Di sinilah pihak sekolah perlu menggunakan secara hati-hati model-model


tersebut sesuai jenjang pendidikan peserta didik, di samping itu juga harus
memperhatikan kondisi, kemampuan, keinginan, karakteristik sekolah beserta seluruh
steakholdernya. Apapun model implementasinya yang dipilih oleh pihak sekolah, suatu
kenyataan yang ada tidak bisa ditolak adalah bahwa implementasi PKH yang dipilih
memerlukan suatu reorientasi kurikulum, pembelajaran, dan penilaian. Selain itu juga
memerlukan reformasi manajemen sekolah, budaya sekolah, dan hubungan sekolah
dengan masyarakat harus dilakukan.
Penutup

Berdasarkan uraian di atas, dapat disimpulkan bahwa pelaksanaan PKH bukanlah


bentuk pragmatisme baru, melainkan paradigma dan perspektif baru penyelenggaraan
pendidikan di sekolah. Pendidikan kecakapan hidup dapat memperluas konsepsi, fungsi
danperanan pendidikan guna meningkatkan kebermaknaan dan kegunaan pendidikan bagi
masyarakat, dunia kerja dan kehidupan sehari-hari. Pendidikan kecakapan hidup dalam
bidang bahasa Inggris mengajak peserta didik untuk lebih mampu berkomunikasi baik
secara lisan maupun secara tulis.

Dengan menjelaskan konsekuensi tentang pembelajaran bahasa, peserta didik


tidak lagi berpikir tentang sistem bahasa, melainkan bagaimana bahasa itu dapat
digunakan sebagai alat komunikasi.

Untuk mencapai standar kompetensi yang telah ditentukan, guru dapat membuat
penilaian yang tidak hanya terbatas pada bentuk tes tertulis namun proses pencapaian
kompetensi dapat dikembangkan melalui strategi pembelajaran tatap muka dan
pengalaman belajar. Pengalaman belajar dilakukan siswa untuk menguasai kompetensi
dasar yang telah ditentukan, sedangkan pembelajaran tatap muka dapat dilakukan di
dalam maupun di luar kelas dengan menggunakan metode yang bervariasi. Pengalaman
belajar sebaiknya memuat kecakapan hidup yang herus dimiliki oleh siswa.
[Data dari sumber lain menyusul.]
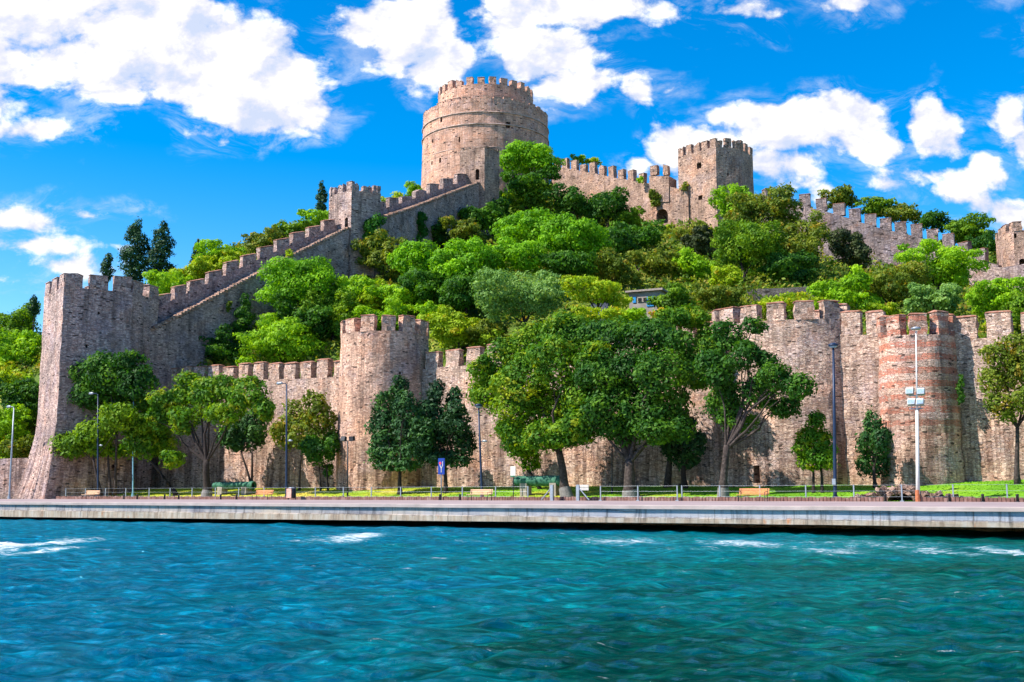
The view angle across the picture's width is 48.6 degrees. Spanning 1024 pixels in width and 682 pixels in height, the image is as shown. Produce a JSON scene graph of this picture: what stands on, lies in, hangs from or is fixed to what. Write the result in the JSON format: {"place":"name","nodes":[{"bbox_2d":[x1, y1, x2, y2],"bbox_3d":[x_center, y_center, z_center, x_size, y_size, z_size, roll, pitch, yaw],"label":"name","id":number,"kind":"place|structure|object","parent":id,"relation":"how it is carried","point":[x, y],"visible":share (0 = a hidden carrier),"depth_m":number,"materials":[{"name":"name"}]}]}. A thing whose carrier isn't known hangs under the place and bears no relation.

Sehubungan dengan itu implementasi PKH harus ditangani secara hati-hati,


sungguh-sungguh dan cermat serta benar. Jika salah menangani akan menimbulkan
permasalahan baru dalam dunia pendidikan , sebaliknya jika penanganannya benar
membuat sebagian besar permasalahan pendidikan dapat diatasi. Mudah-mudahan, amin.
DAFTAR RUJUKAN

Depdiknas. 2002. Pedoman Pelaksanaan Pendidikan Kecakapan Hidup. Buku I,II,


dan III. Jakarta : Depdiknas.

Depdiknas. 2002. Kurikulum Berbasis Kompetensi Mata Pelajaran Bahasa Inggris u


Jakarta: Pusat Kurikulum .

Depdiknas. 2003. Pedoman Penyelenggaraan Program Kecakapan Hidup PLS.


Jakarta: Dirjen PLS dan Pemuda.

Saryono, Joko. 2002. Pendidikan Kecakapan Hidup: Konsepsi dan Implementasinya di


Sekolah. Makalah Workshop Pengembangan Sistem Pendidikan Dasar dan
Menengah Berorientasi PKH di Jawa Timur.

Sindhunata (ed). 2000. Membuka Masa Depan Anak-anak Kita (Mencari Kurikulum
Pendidikan Abad XXI). Yogyakarta: Kanisius.

Tim Broad-Based Education. 2002. Pendidikan Berorientasi Kecakapan Hidup


Melalui Pendekatan BBE. Jakarta: Departemen Pendidikan Nasional.